The Serbian filmmaker won with a film she made with the purpose of putting these political issues in a polarized and conflicting world through a very intimate piece lead by her charismatic mother, Srbijanka. This is Turajlic’s second film, after the well-received Cinema Komunisto. 

 

 

Another great discovery in this year’s line-up was Hogir Hirori and Shinwar Kamal's The Deminer, an impressive portrait of an Iraqi soldier. In fact, the Arab world had a very important place in this year’s edition. Another jewel of the festival was Amal, a film that accompanies a girl whose adolescence was shaped by 2011 Egyptian Revolution. In words of director Mohamed Siam, Amal tries to document the disillusioned Arab youth.

 

 

In the First Appearance Competition, Simon Lereng Wilmot took home the prize with his film The Distant Barking of Dogs, which follows a 10 years old orphan named Oleg over the course of a year. The boy lives in Hnutove, an abandoned town just minutes from the war zone where Ukrainia and pro-Russian forces fight. The film raised awareness in the events happening on that side of Europe, where Oleg and his grandmother confront the reality of living in terror every single day. 

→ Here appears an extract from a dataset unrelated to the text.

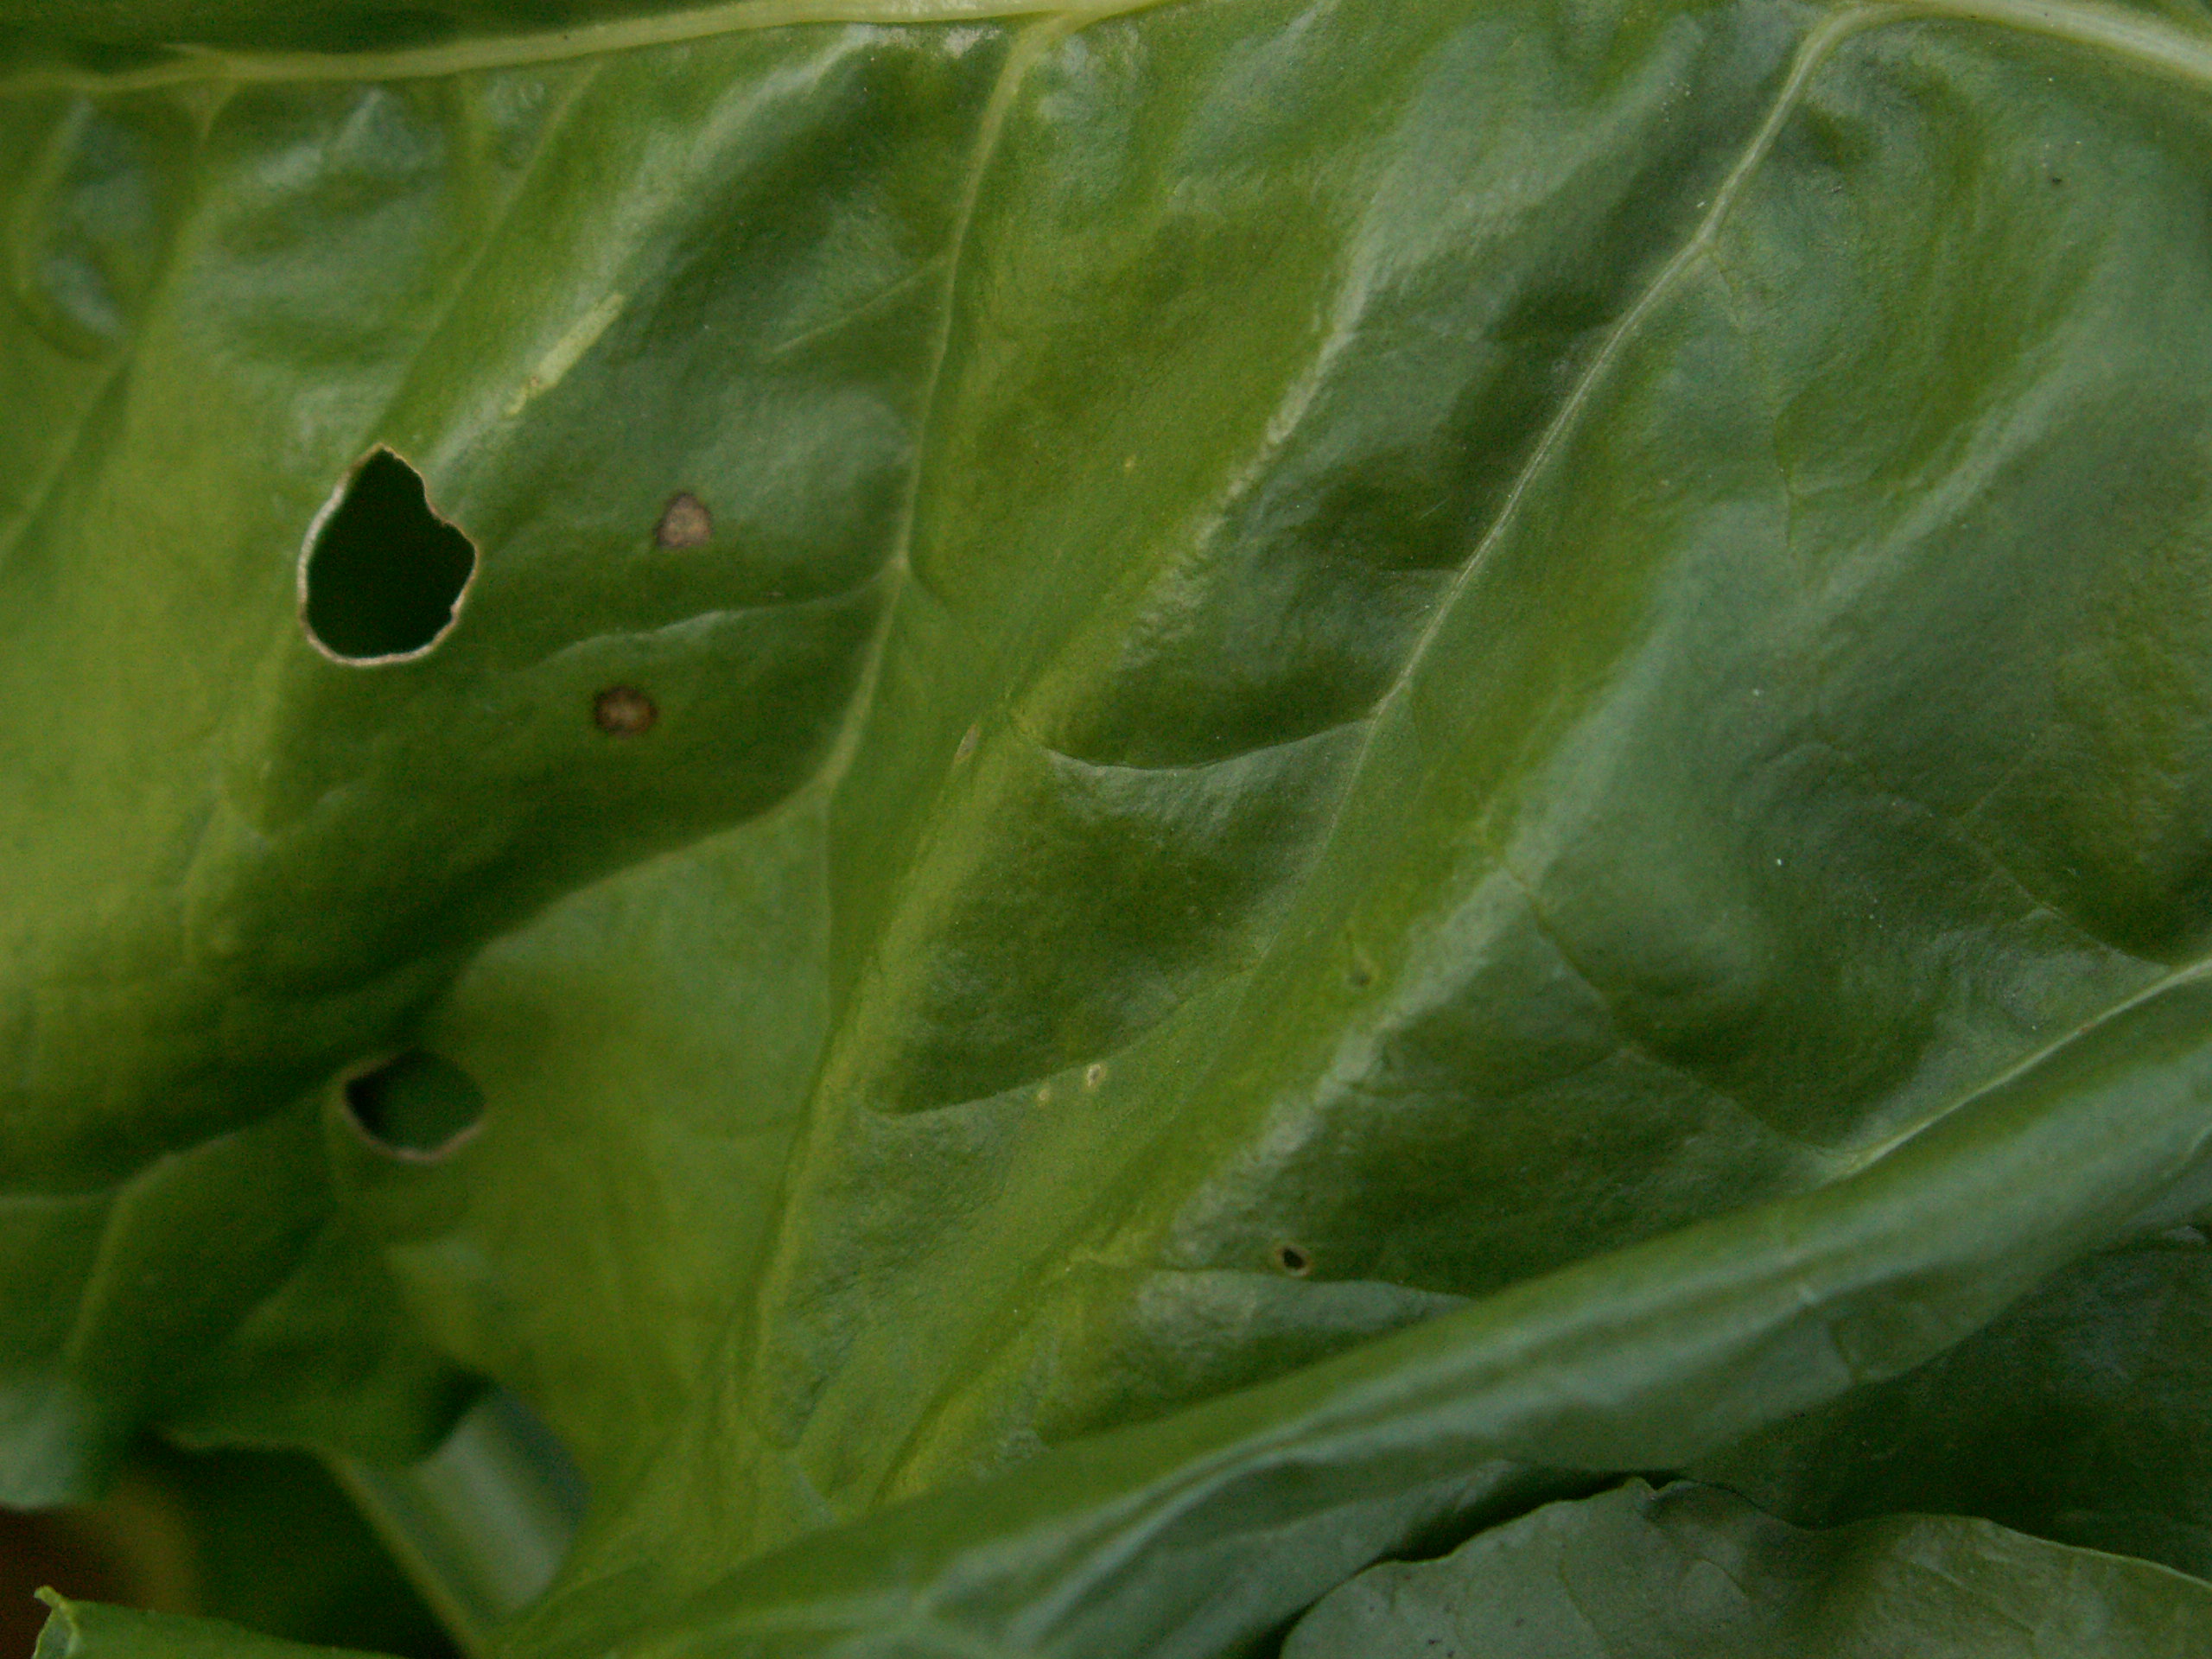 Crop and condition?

beet, cercospora

As a signifant fact, the 30th edition of the festival presented a total of 312 films in his program and twenty six of them are from different parts of Latin America, which is a very impressive number. 

 

 

Winning this year’s Amsterdam Human Rights Awards, Brazilian Renata Terra’s Piripkura was the Jury’s favorite. The film follows Jair Candor, a man that works in an indigenous affairs agency called FUNAI, who ventures into one of the Amazon’s protected indigenous lands. Piripkura was described by the jury as “a film with poignant, exceptional story, the filmmakers tackle a broad series of issues that should be high up on the international human rights agenda”.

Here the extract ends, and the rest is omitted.